LamaAni / KubernetesJobOperator

An airflow operator that executes a task in a kubernetes cluster, given a kubernetes yaml configuration or an image refrence.
58 stars 8 forks source link

FEATURE: templated specification file / override specific fields #23

Closed odesenfans closed 3 years ago

odesenfans commented 3 years ago

Hello,

I am currently trying to use this operator for my use cases. Thanks for the work, I really like the possibility of using jobs rather than pods. I use Helm on a regular basis and I wanted to propose a feature that would make this operator work nicely with Helm/Go-templated specification files.

Feature description

Templated specification file Allows to specify fields as Go templated values, a la Helm. The following example is actually exactly how I specify my config/secret volumes in Helm at the moment:

apiVersion: batch/v1
kind: Job
spec:
  template:
    spec:
      ...
      volumes:
        - name: config-volume
          configMap:
            name: {{ .Values.image.releaseName }}
        - name: secrets-volume
          secret:
            secretName: {{ .Values.image.releaseName }}-secrets

The values themselves could be passed to the constructor of the operator. For example:

job_task = KubernetesJobOperator(
    ...
    body_filepath="my_job.yaml",
    template_values={"image": {"releaseName": "my-first-release"}},

Advantages

Interoperability between Helm and Airflow: take your Helm job template file and move it to Airflow.

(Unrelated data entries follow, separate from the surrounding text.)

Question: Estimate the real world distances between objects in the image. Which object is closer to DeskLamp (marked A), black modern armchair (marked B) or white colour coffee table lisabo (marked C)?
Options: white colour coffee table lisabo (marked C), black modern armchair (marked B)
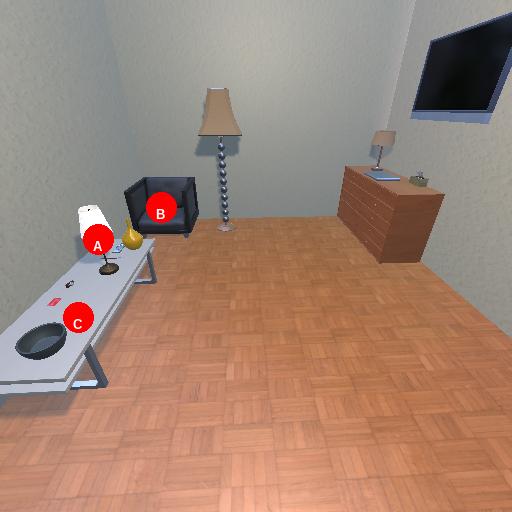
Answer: white colour coffee table lisabo (marked C)
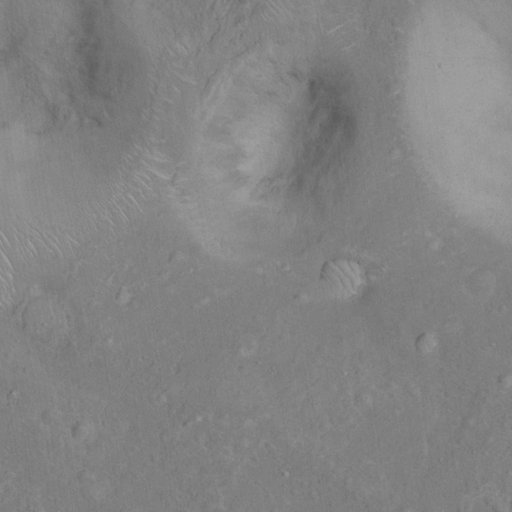
Classes present: Background, Cone
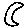
Label: moon
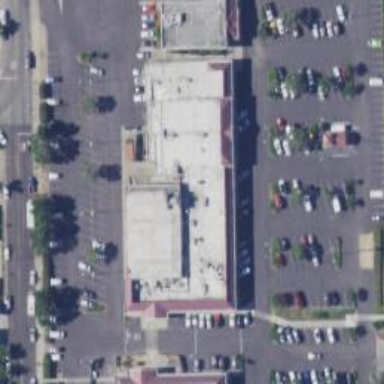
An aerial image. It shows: Cinema.
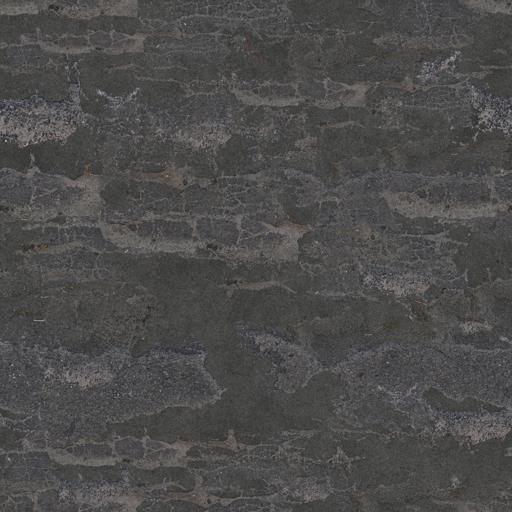
Tags: asphalt damaged road street
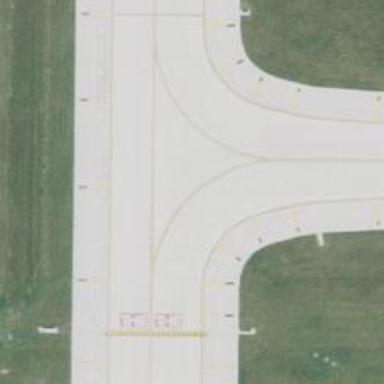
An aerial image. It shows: View of taxiway at the airport.
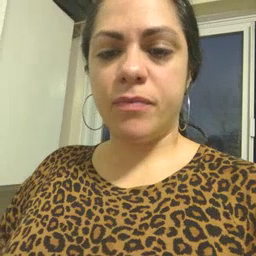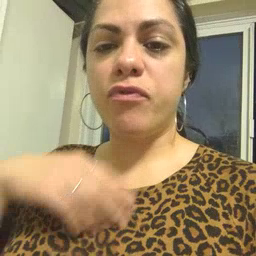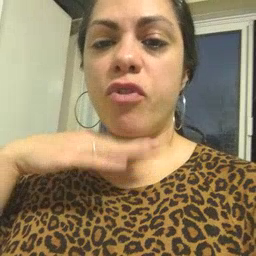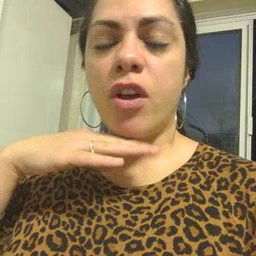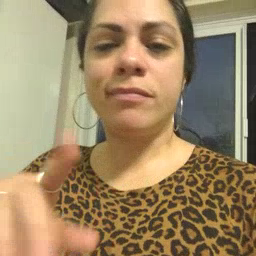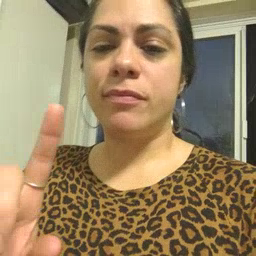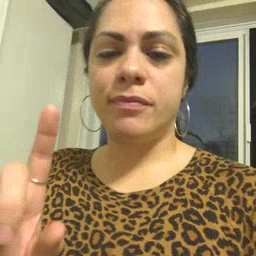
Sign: frog
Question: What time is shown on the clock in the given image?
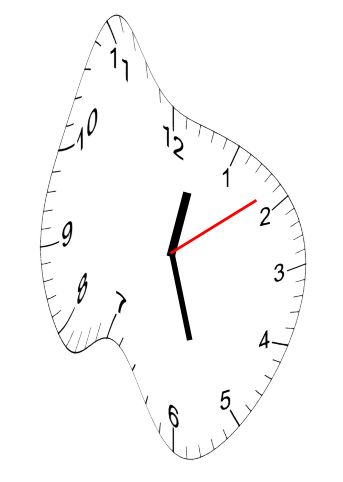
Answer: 12:27:09
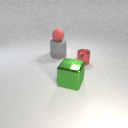
large gray rubber cylinder behind small red metal cylinder
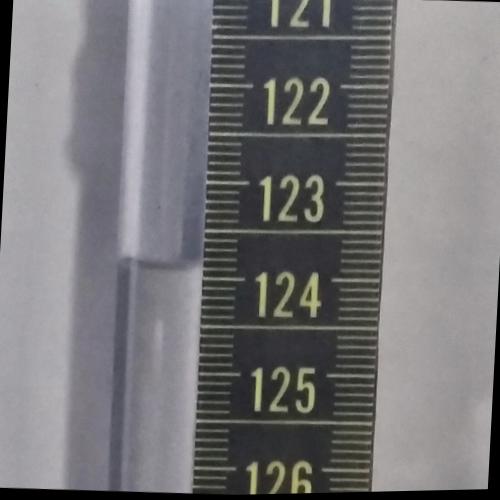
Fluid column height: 123.9 cm
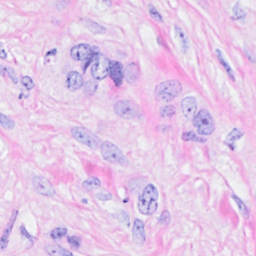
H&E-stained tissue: Breast
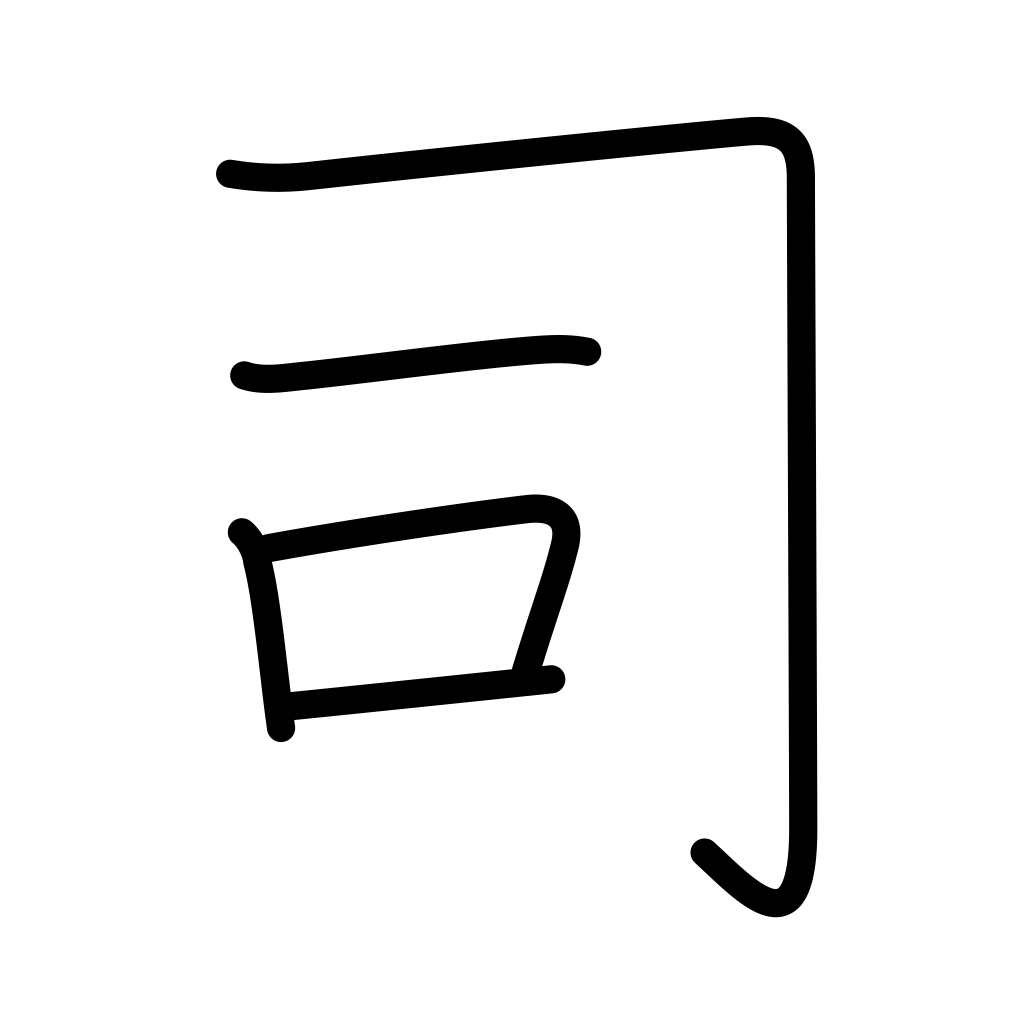
Meaning: director, official, govt office, rule, administer
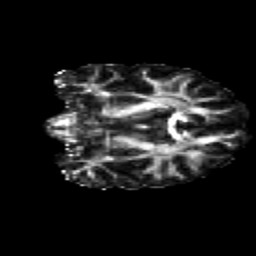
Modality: FA
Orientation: coronal
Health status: healthy
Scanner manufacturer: siemens
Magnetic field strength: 3 T
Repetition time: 12 s
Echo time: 0.092 s
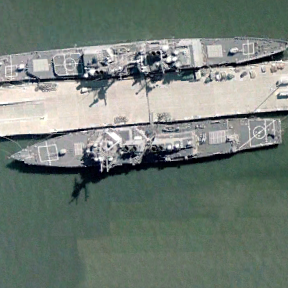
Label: destroyer
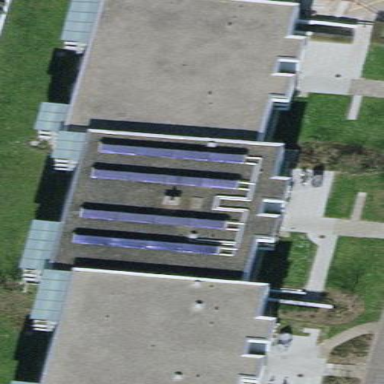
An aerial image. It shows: Flat roofed apartment building.
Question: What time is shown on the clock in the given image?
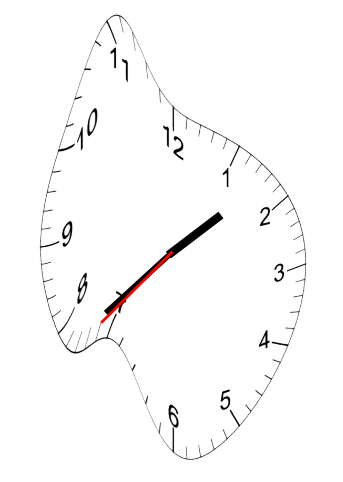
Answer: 01:37:37
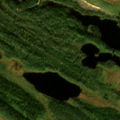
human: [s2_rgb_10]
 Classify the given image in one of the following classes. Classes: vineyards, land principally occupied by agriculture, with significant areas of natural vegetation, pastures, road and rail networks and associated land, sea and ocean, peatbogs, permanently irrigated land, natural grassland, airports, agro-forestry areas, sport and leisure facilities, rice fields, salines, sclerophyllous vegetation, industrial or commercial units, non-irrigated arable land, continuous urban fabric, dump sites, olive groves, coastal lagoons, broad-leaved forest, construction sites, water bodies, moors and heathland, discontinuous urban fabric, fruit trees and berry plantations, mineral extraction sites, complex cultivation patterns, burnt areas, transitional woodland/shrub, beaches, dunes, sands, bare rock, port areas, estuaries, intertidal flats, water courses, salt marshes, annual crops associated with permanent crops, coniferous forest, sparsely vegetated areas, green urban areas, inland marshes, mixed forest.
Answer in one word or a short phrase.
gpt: coniferous forest, transitional woodland/shrub, peatbogs, water bodies
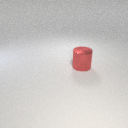
large red metal cylinder
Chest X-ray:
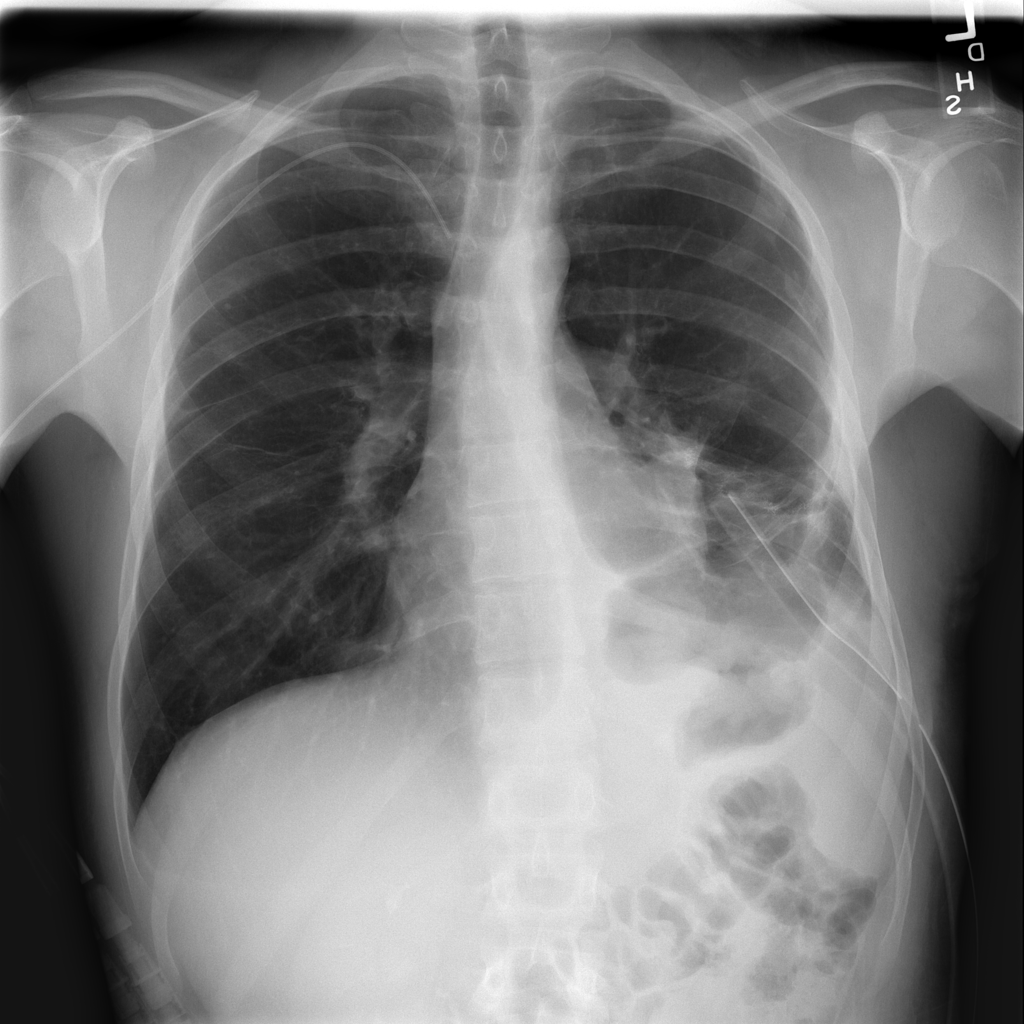
Findings: Pneumothorax, Consolidation, Effusion, Fibrosis
No abnormal finding: no
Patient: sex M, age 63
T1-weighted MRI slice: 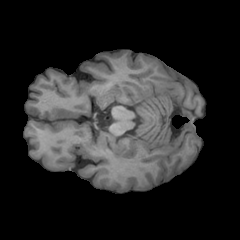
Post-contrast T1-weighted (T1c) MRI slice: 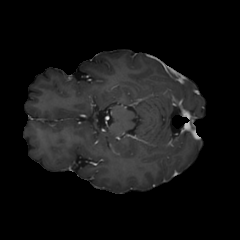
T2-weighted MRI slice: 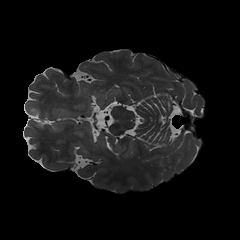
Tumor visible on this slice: no
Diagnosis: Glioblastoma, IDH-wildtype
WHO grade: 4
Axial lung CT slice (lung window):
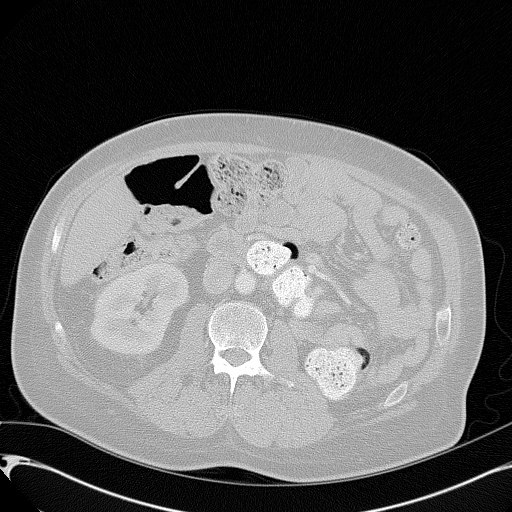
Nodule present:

No need for additional work/testing.

Alternatives I considered

  1. Implement this myself, using jinja: very doable, I'm just suggesting something generic and familiar for all Helm users (there are dozens of us!). It's probably what I'll end up doing in the meantime.
  2. Specify the body in Python directly: again, doable, but this feels exotic coming from Helm. This reduces the interoperability between the two environments and forces to use two formats while this is (kinda) standardised.
LamaAni commented 3 years ago

Hi, thank you for your comment. I was considering implementing exacly this for a while since it seems to be required, but have not had the time. Since I have not, I would certanly accept a PR where we can collaborate on the basis of this idea.

I was thinking something along the lines of input arguments as,

  1. enable_jijna_in_string_body (bool), default TRUE. Notice the string in the name so it will not be confused with dict input.
  2. jinja_context (dict), extended by task default options (like airflow jinja).

And methods:

  1. parse_jinja_body (only runs if enable_jijna_in_string_body is True).

To be added @ line 94 something like,

        body = body or self._read_body(
            resolve_relative_path(body_filepath or DEFAULT_EXECUTION_OBJECT_PATHS[DEFAULT_EXECTION_OBJECT], 2)
        )

        assert body is not None and (isinstance(body, (dict, str))), ValueError(
            "body must either be a yaml string or a dict"
        )

        if isinstance(body, str) and self.enable_jijna_in_string_body:
            body = self.parse_body_jinja(body)

Requirements:

  1. Support jinja2 only.
  2. Support airflow core jinja arguments.
  3. Support jinja_context (overrides core airflow jinja arguments if they exist, i.e. dict.update)

What do you think?

odesenfans commented 3 years ago

The best solution would be to use Go templates directly, but jinja2 should do the trick. I don't think there's a good implementation of Go templates in Python so far. I'll take a look tomorrow. :)

LamaAni commented 3 years ago

Hum, I would actially like to stick with Jinja since other operators are integrated with it. Added support see PR: https://github.com/LamaAni/KubernetesJobOperator/pull/27

LamaAni commented 3 years ago

Can this be closed?

odesenfans commented 3 years ago

Yes! Closing it then giving it a try right away.